### ASSIGNED TASK
Exclude the pictures from your copy, and reproduce each entry below verbatim.

### EXERCISE DATA

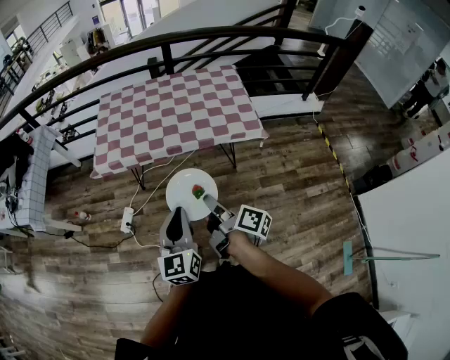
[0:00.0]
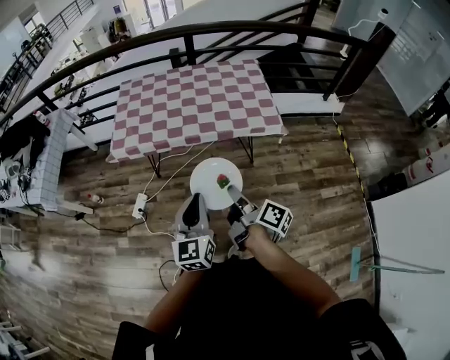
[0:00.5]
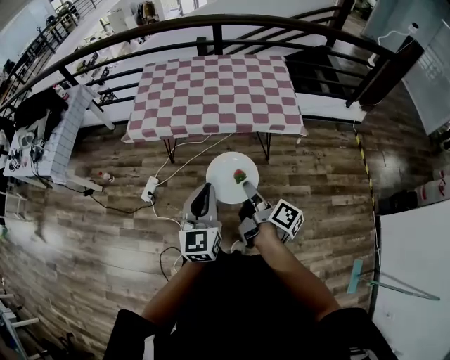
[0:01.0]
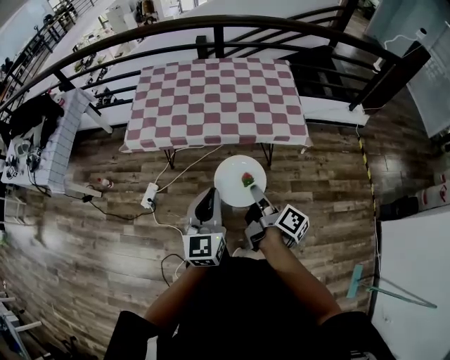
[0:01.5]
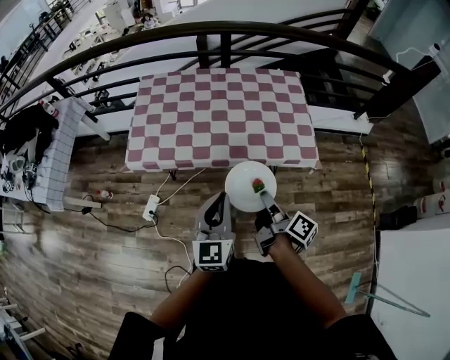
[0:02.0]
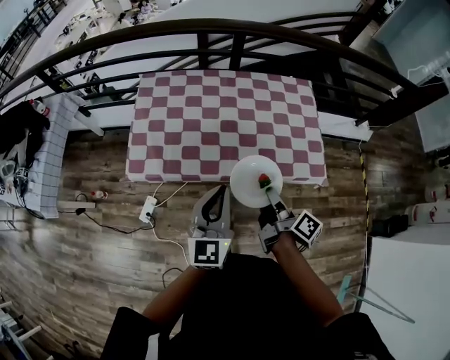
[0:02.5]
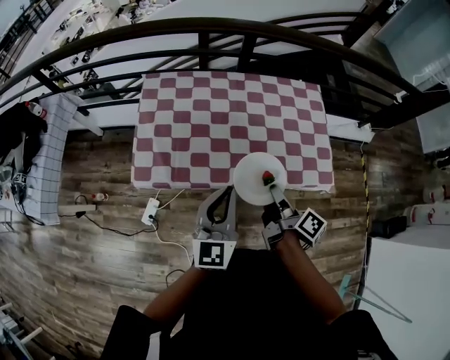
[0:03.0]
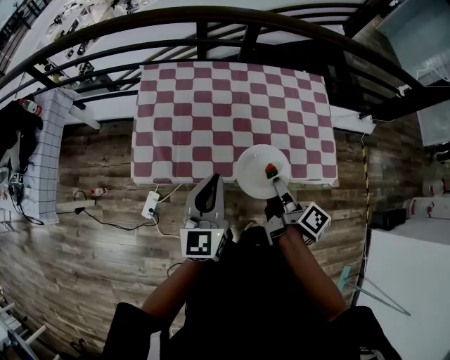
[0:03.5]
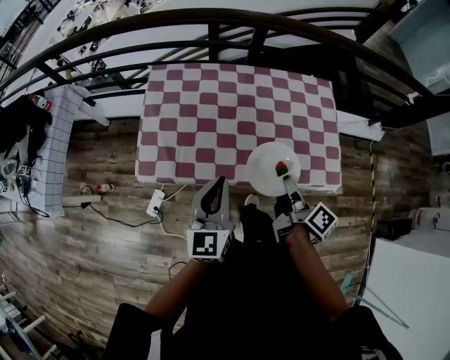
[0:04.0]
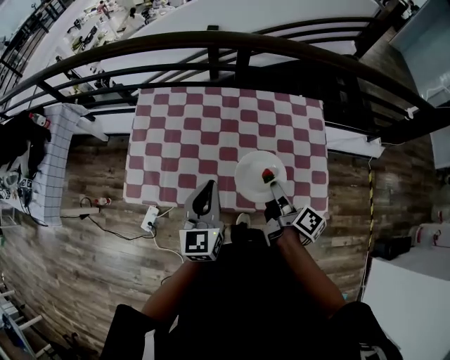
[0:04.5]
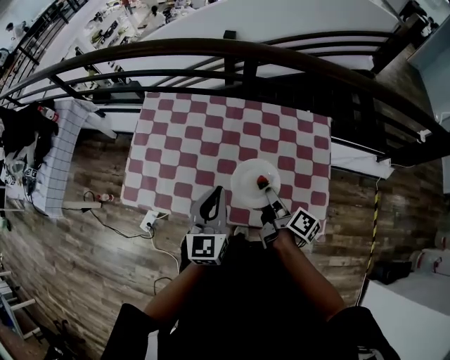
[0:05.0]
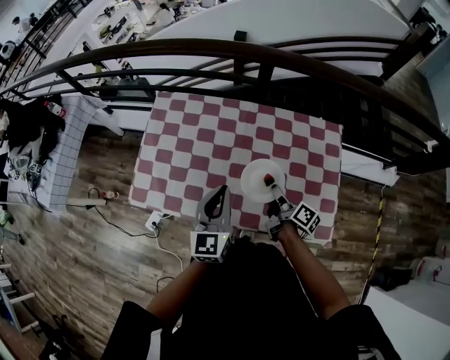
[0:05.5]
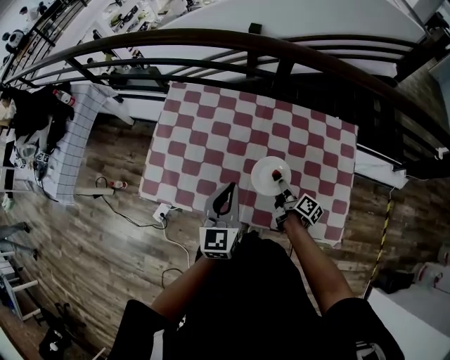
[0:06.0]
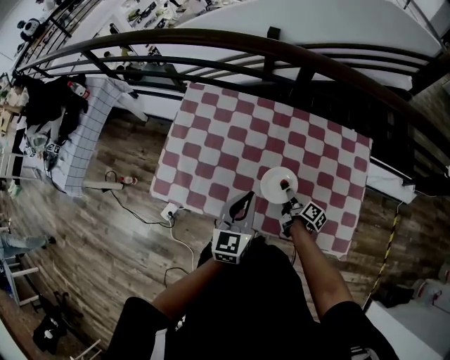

### OUTPUT BELOW
[0:00.0]
[0:00.5]
[0:01.0]
[0:01.5]
[0:02.0]
[0:02.5]
[0:03.0]
[0:03.5]
[0:04.0]
[0:04.5]
[0:05.0]
[0:05.5]
[0:06.0]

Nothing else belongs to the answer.